Leurs applications politiques
La différence entre ces visions diamétralement opposées de l’économie a d’ailleurs largement dépassé la querelle d’universitaires. Il a monopolisé à lui seul une grande partie du débat démocratique depuis 1945 dans les pays capitalistes, et la crise structurelle internationale survenue en 2008 ne fait que raviver les discussions sur le sujet.
Au risque de schématiser, certains diront que l’opposition entre ces deux théories s’est greffée sur un antagonisme politique plus global et commun à la plupart des démocraties parlementaires, à savoir l’opposition entre conservatisme et progressisme, entre gauche et droite. Le recours au déficit, le renforcement de la sécurité de l’emploi, les nationalisations, les subventions, semblent en effet avoir plus souvent été les instruments conjoncturels promus par les gouvernements marqués à gauche, tandis que la dérégulation, la libéralisation, les privatisations, le non interventionnisme, ont toujours eu tendance à relever de la phraséologie conservatrice.

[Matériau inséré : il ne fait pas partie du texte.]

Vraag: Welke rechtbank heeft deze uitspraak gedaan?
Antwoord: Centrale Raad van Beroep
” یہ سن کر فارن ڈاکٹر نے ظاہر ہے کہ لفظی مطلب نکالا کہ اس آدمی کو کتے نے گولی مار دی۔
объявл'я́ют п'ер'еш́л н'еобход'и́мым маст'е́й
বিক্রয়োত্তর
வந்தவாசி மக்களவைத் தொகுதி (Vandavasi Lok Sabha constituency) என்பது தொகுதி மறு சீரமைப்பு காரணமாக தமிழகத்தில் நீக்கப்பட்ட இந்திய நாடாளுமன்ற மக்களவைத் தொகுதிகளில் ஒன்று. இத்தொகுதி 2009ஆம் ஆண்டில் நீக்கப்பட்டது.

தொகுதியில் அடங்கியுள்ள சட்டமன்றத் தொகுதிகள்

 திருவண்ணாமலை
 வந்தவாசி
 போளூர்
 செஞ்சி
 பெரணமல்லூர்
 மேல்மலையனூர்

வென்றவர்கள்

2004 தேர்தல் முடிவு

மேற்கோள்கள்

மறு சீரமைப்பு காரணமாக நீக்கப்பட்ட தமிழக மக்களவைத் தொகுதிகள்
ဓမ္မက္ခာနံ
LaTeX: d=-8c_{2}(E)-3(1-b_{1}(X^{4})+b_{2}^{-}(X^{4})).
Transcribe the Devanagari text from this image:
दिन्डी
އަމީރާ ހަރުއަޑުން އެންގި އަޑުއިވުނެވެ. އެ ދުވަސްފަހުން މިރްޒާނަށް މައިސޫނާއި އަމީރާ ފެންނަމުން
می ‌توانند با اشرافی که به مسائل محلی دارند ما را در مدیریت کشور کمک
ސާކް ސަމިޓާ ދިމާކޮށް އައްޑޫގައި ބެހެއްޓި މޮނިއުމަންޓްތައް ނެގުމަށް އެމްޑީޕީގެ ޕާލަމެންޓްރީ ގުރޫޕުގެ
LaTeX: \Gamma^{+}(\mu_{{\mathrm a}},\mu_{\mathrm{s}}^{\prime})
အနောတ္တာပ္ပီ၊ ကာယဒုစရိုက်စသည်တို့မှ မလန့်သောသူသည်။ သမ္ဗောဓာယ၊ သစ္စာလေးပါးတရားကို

La principale grille de lecture de la macroéconomique moderne
La réalité historique nous montre pourtant que le recours à l’une ou l’autre de ces lectures fut bien plus souvent le jouet des circonstances conjoncturelles que d’une réelle orientation idéologique. Dans la quasi-totalité des pays occidentaux, la période de 1945 à 1970 connut ainsi le triomphe du keynésianisme : la nécessité de reconstruire et moderniser les pays ravagés par la guerre trouva dans la planification et le dirigisme keynésiens de puissants instruments de développement et de réorganisation. A l’inverse, lorsque la stagflation s’installa (une stagnation de la croissance couplée à une inflation importante) marquant alors la fin des trente glorieuses, c’est un retour à une plus grande rigueur qui s’installa quasiment partout, la croissance de l’économie ne suffisant plus à éponger les déficits générés par le soutien à tout va des économies par les Etats.
La crise de 2008 elle-même, dans laquelle sont toujours embourbées les économies capitalistes et notamment européennes, offrent une résonance renouvelée aux deux théories : les partisans de Hayek arguent que le maintien artificiel des taux d’intérêt américains à un niveau très bas en 2001 est à l’origine du surinvestissement démesuré ayant provoqué ladite crise, exactement comme celle de 1929. D’autres invoquent les prédictions de Keynes vis-à-vis de l’Allemagne et des représailles dont elle fut l’objet après la première guerre mondiale, pour mettre en garde le duo franco-allemand par rapport à son attitude vis-à-vis de l’Espagne, du Portugal ou surtout de la Grèce, et au danger de leur imposer des rigueurs budgétaires trop importantes. Il est également singulier de constater que l’Europe, normalement culturellement plus portée à un fonctionnement keynésien de ses économies, se tourne aujourd’hui vers des stratégies libérales pour sortir du marasme, tandis que les Etats-Unis, au contraire habituellement très nettement hostiles à l’interventionnisme, se tourne par le biais de Barack Obama vers des solutions d’inspiration plus keynésienne et portées par le déficit public. Cela avec notamment la mise en œuvre d’une politique de grands travaux et la tentative d’édification d’un système de sécurité social nationalisé pour la première fois de leur histoire.
Les systèmes et mécanismes économiques pensés par Keynes et Hayek furent au cœur de bien des dilemmes politico-économiques depuis la seconde guerre mondiale, et ils demeurent la principale grille de lecture employée dans l’analyse macroéconomique moderne. Il faut espérer que celles-ci permettront d’apporter une réponse efficace à la crise contemporaine.